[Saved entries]
--

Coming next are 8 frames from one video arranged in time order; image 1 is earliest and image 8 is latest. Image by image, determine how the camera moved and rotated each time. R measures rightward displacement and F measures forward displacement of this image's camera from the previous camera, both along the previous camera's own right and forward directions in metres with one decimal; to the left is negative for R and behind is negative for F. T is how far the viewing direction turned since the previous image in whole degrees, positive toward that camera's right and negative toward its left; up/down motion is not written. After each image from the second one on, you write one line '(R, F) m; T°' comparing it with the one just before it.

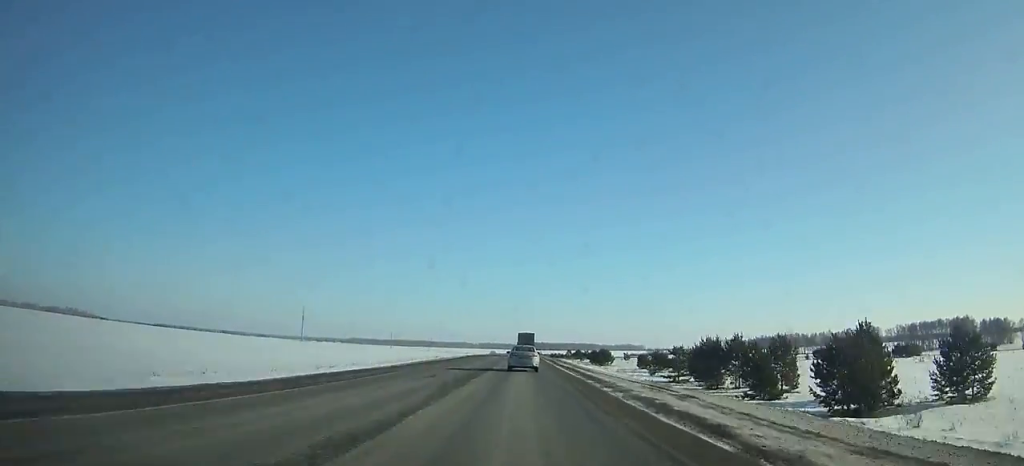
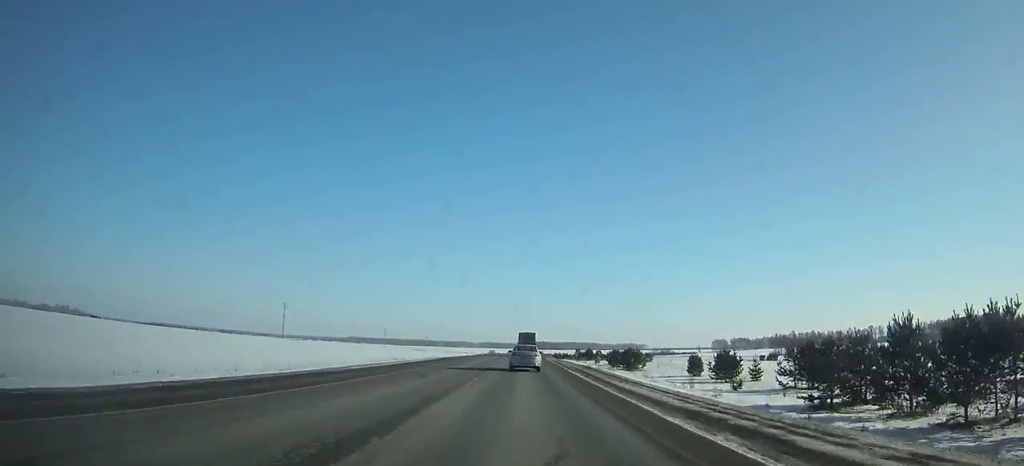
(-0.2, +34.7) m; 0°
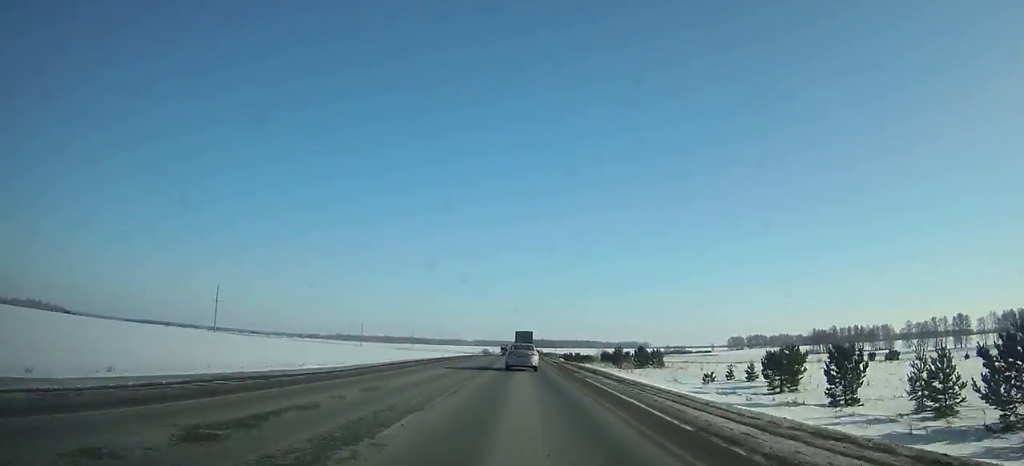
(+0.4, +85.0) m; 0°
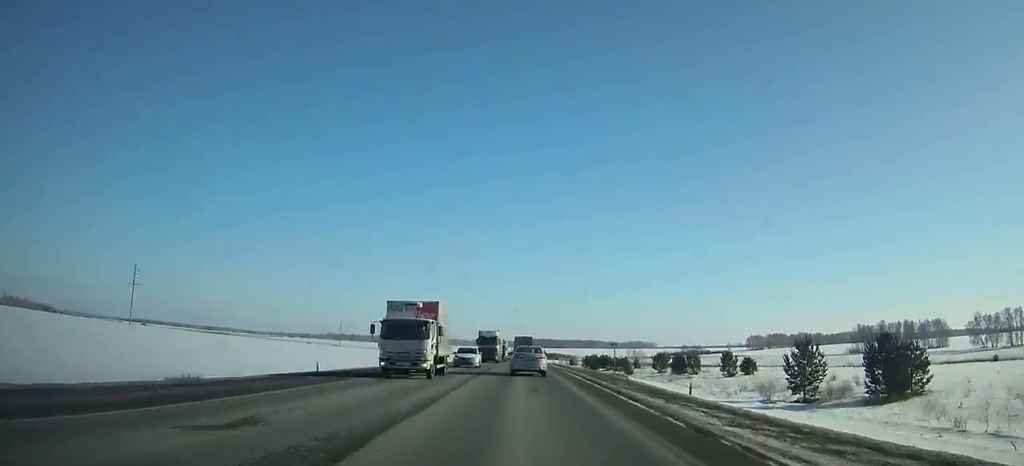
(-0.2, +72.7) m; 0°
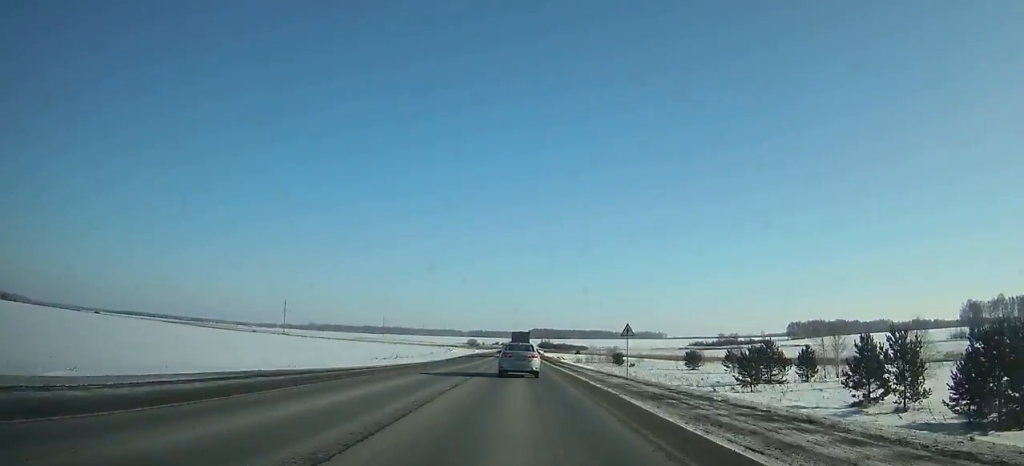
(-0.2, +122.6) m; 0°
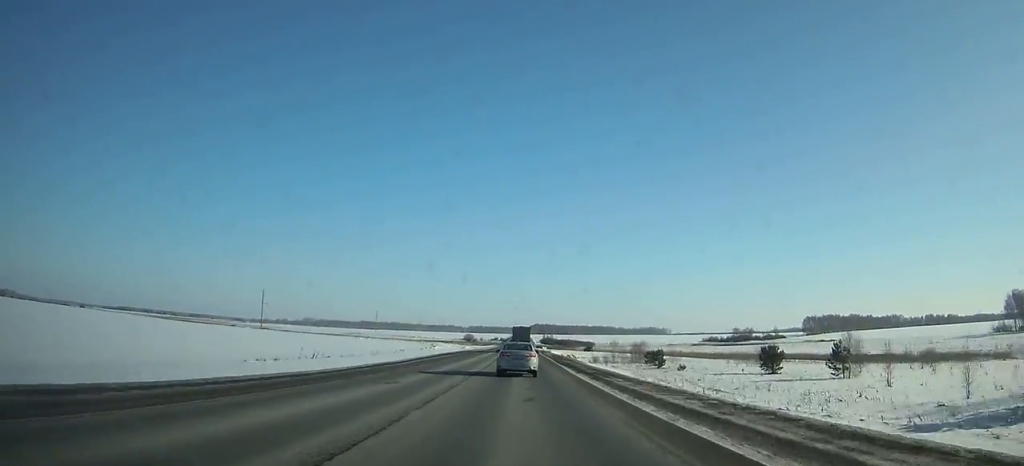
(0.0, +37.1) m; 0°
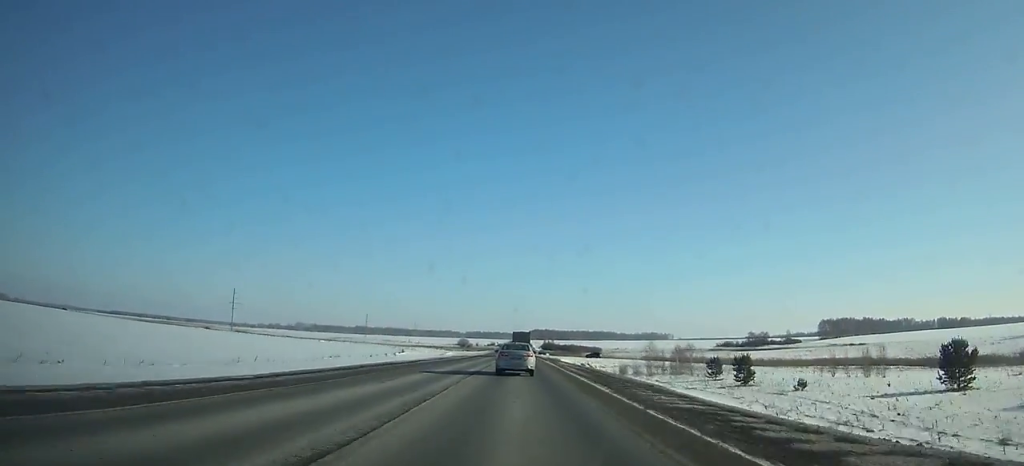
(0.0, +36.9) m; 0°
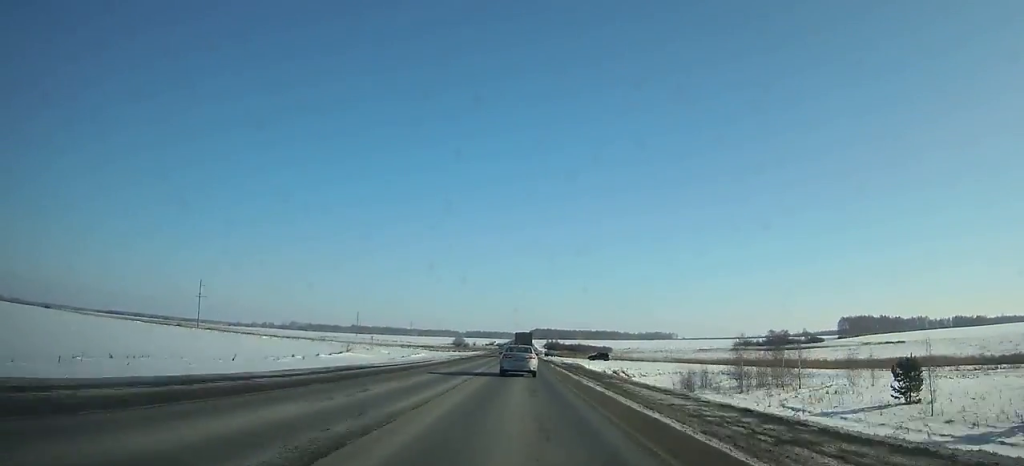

--

▶ **Work item**
Output the entries above exactly, without their pictures.

▶ **Response area**
Coming next are 8 frames from one video arranged in time order; image 1 is earliest and image 8 is latest. Image by image, determine how the camera moved and rotated each time. R measures rightward displacement and F measures forward displacement of this image's camera from the previous camera, both along the previous camera's own right and forward directions in metres with one decimal; to the left is negative for R and behind is negative for F. T is how far the viewing direction turned since the previous image in whole degrees, positive toward that camera's right and negative toward its left; up/down motion is not written. After each image from the second one on, you write one line '(R, F) m; T°' comparing it with the one just before it.

(-0.2, +34.7) m; 0°
(+0.4, +85.0) m; 0°
(-0.2, +72.7) m; 0°
(-0.2, +122.6) m; 0°
(0.0, +37.1) m; 0°
(0.0, +36.9) m; 0°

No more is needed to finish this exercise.